We will show that, in particular, \(\succsim\) is P-consistent with the relation P defined by: \(P=\{(x,y)\) such that \(\{x,y\}\succ \{y\}\}\). For that purpose:

First, we have to show that P is asymmetric and transitive. Assume xPy, then, by the definition of P, \(\{x,y\}\succ \{y\}\). Assume that P is not asymmetric and therefore yPx. Then \(\{x,y\}\succ \{x\}\), but this is in contradiction with RI.

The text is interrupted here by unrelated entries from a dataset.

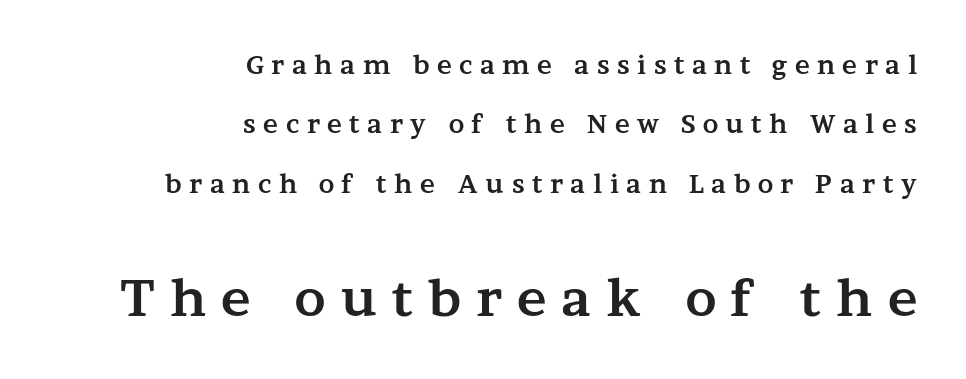
{"serif": "yes", "italic": "no", "bold": "yes", "weight": "bold", "width": "wide", "stroke_contrast": "medium", "x_height": "medium", "monospaced": "no", "underline": "no", "align": "right", "line_spacing": "loose", "line_spacing_ratio": 2.38, "letter_spacing": "wide", "letter_spacing_em": 0.3, "larger_block": "second", "size_ratio": 2.0, "glyph_px": 50}
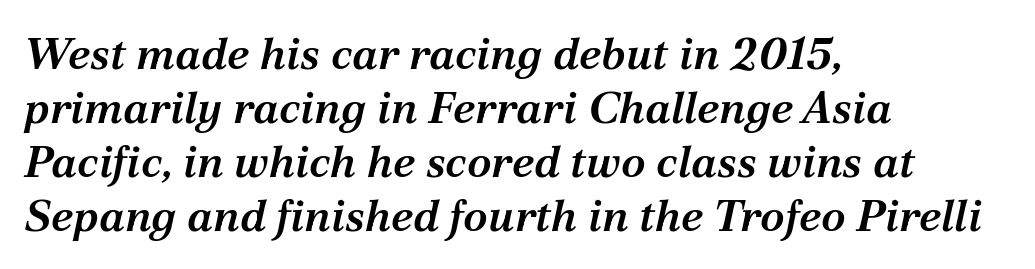
The image shows 45 px semibold serif type, italic (leaning right); set left-aligned, line spacing 1.2x, normal letter spacing, not underlined; medium stroke contrast and a medium x-height.
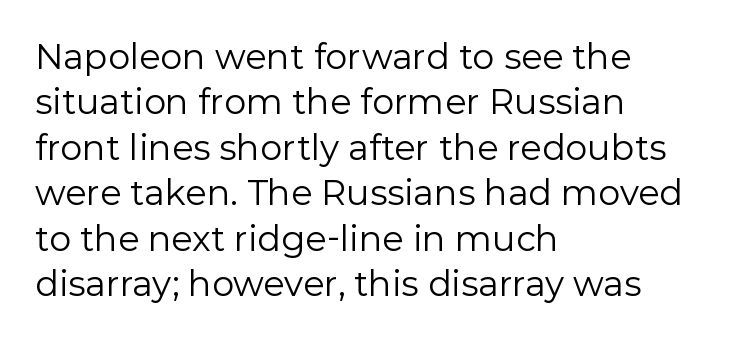
Q: Is the text bold? A: No.
Q: Is the text italic (slanted)? A: No, it is upright.
Q: Is the typeface a serif or a sans-serif typeface? A: Sans-serif.
Q: Is the text underlined? A: No.
Q: How is the paragraph aligned? A: Left-aligned.
Q: Is the spacing between letters normal or unusually wide? A: Normal.
Q: Is the spacing between lines tight, normal or loose? A: Normal.
Q: Width (condensed, normal, or wide)? A: Normal.
Q: Stroke contrast? A: Low.
Q: x-height? A: Medium.
Q: Monospaced? A: No.
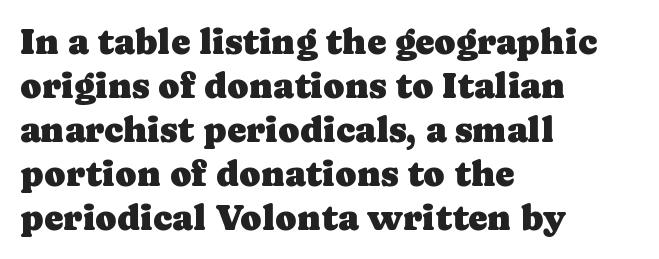
{"serif": "yes", "italic": "no", "width": "normal", "stroke_contrast": "low", "x_height": "medium", "monospaced": "no", "underline": "no", "align": "left", "line_spacing_ratio": 1.22, "letter_spacing": "normal", "letter_spacing_em": 0.0, "glyph_px": 36}
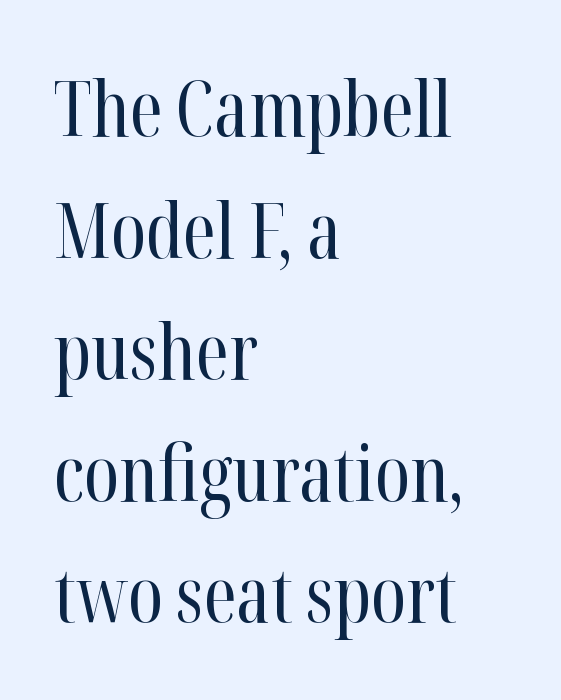
{"serif": "yes", "italic": "no", "bold": "no", "weight": "regular", "width": "condensed", "stroke_contrast": "high", "x_height": "medium", "monospaced": "no", "underline": "no", "align": "left", "line_spacing": "normal", "line_spacing_ratio": 1.6, "letter_spacing": "normal", "letter_spacing_em": 0.0, "glyph_px": 76}
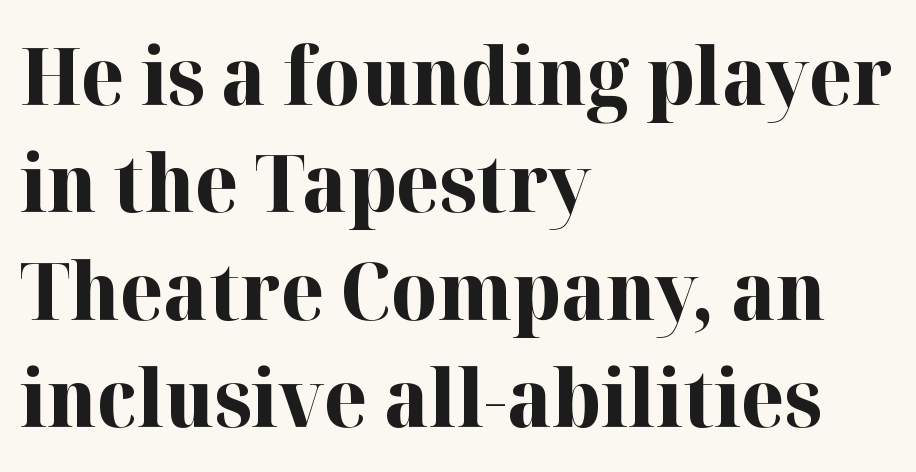
Does the type have serifs? Yes, each stem ends in a small foot. Every character sits straight up, as roman type does. If you measured baseline to baseline, you'd find a middling distance. The specimen omits any rule beneath the text block's lines. Alignment: flush left.
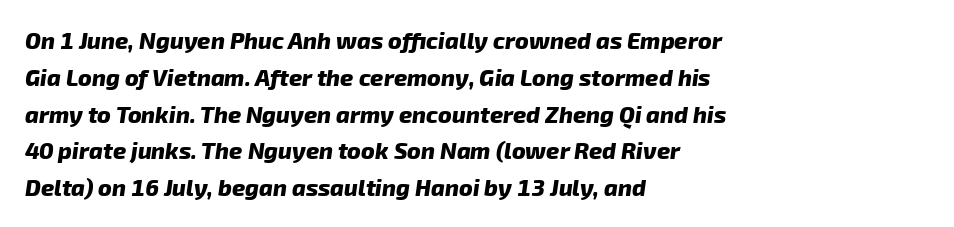
Q: Is the text bold? A: Yes.
Q: Is the text underlined? A: No.
Q: How is the paragraph aligned? A: Left-aligned.
Q: Is the spacing between letters normal or unusually wide? A: Normal.
Q: Is the spacing between lines tight, normal or loose? A: Normal.

Now we prove the transitivity of P: Take \(a,b,c\in X\) such that aPb and bPc. By the definition of P this implies \(\{a,b\}\sim \{a\}\) and \(\{b,c\}\sim \{b\}\). By applying IC (with a in the role of A; b in the role of x and c in the role of y), we have \(\{a,c\}\sim \{a\}\), this by RI implies \(\{a,c\}\succ \{c\}\), which by the definition of P implies aPc.

Now, take \(A\subseteq \pi (X)\) and \(x\in X{\setminus } A\):

(i) Let us assume that xPa for some \(a\in \max _{P}(A)\):

Step 1. We claim that \(\forall {\hat{A}}\subset \max _{P}(A)\), \(\forall a^{*}\in \max _{P}(A){\setminus } {\hat{A}}\), \({\hat{A}}\succ {\hat{A}}\cup \{a^{*}\}\). Let \(a^{*}\in {\hat{A}}\). Given that \({\hat{a}}, a^{*}\in \max _{P}(A)\) we know that \({\hat{a}}\otimes a^{*}\). This, by the definition of P, implies \(\lnot (\{{\hat{a}},a^{*}\}\succ \{{\hat{a}}\})\) and also \(\lnot (\{{\hat{a}},a^{*}\}\succ \{a^{*}\})\), which by RI implies \(\lnot (\{{\hat{a}},a^{*}\}\sim \{{\hat{a}}\})\). Thus we have that \(\lnot (\{{\hat{a}},a^{*}\}\succsim \{{\hat{a}}\})\), which by SC implies \(\{{\hat{a}}\}\succ \{{\hat{a}},a^{*}\}\). Therefore, by CC, \({\hat{A}}\succ {\hat{A}}\cup \{a^{*}\}\).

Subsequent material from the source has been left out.